===== Data under study =====

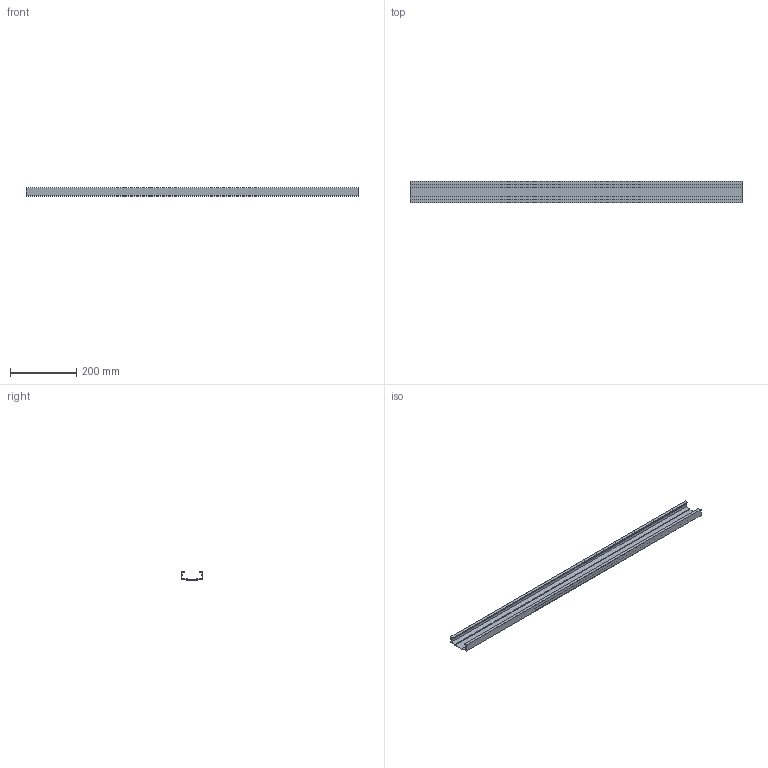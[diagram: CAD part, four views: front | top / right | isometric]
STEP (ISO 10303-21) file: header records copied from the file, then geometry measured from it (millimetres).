
FILE_DESCRIPTION(('STEP AP214'),'1');
FILE_NAME('cctmp_44453F4A-7135-4DBA-A394-26BE095B78C0_2020_1_20_11_6_16_449..stp','2020-01-20T10:06:16',('Bosch Rexroth AG'),('CADClick - www.CADClick.com'),'Spatial InterOp 3D',' ','unknown authorization - (Healing Option Enabled)');
FILE_SCHEMA(('AUTOMOTIVE_DESIGN'));
Length unit declared in the file: millimetre
Products named in the file (1): 2020_01_20__11-06-16-449
Bounding box: 1000 x 65 x 25 mm (x, y, z)
Volume: 265427.3 mm3; surface area: 252504.5 mm2
Topology: 1 solids, 1 shells, 26 faces, 72 edges, 48 vertices
Faces by surface type: plane 26
Entity records: 1048 total; most frequent: CARTESIAN_POINT 147, ORIENTED_EDGE 144, DIRECTION 126, EDGE_CURVE 72, LINE 72, VECTOR 72, VERTEX_POINT 48, STYLED_ITEM 27

=====

Output the lines above in full and exactly. Leave out every picture.

[diagram: CAD part, four views: front | top / right | isometric]
STEP (ISO 10303-21) file: header records copied from the file, then geometry measured from it (millimetres).
FILE_DESCRIPTION(('STEP AP214'),'1');
FILE_NAME('cctmp_44453F4A-7135-4DBA-A394-26BE095B78C0_2020_1_20_11_6_16_449..stp','2020-01-20T10:06:16',('Bosch Rexroth AG'),('CADClick - www.CADClick.com'),'Spatial InterOp 3D',' ','unknown authorization - (Healing Option Enabled)');
FILE_SCHEMA(('AUTOMOTIVE_DESIGN'));
Length unit declared in the file: millimetre
Products named in the file (1): 2020_01_20__11-06-16-449
Bounding box: 1000 x 65 x 25 mm (x, y, z)
Volume: 265427.3 mm3; surface area: 252504.5 mm2
Topology: 1 solids, 1 shells, 26 faces, 72 edges, 48 vertices
Faces by surface type: plane 26
Entity records: 1048 total; most frequent: CARTESIAN_POINT 147, ORIENTED_EDGE 144, DIRECTION 126, EDGE_CURVE 72, LINE 72, VECTOR 72, VERTEX_POINT 48, STYLED_ITEM 27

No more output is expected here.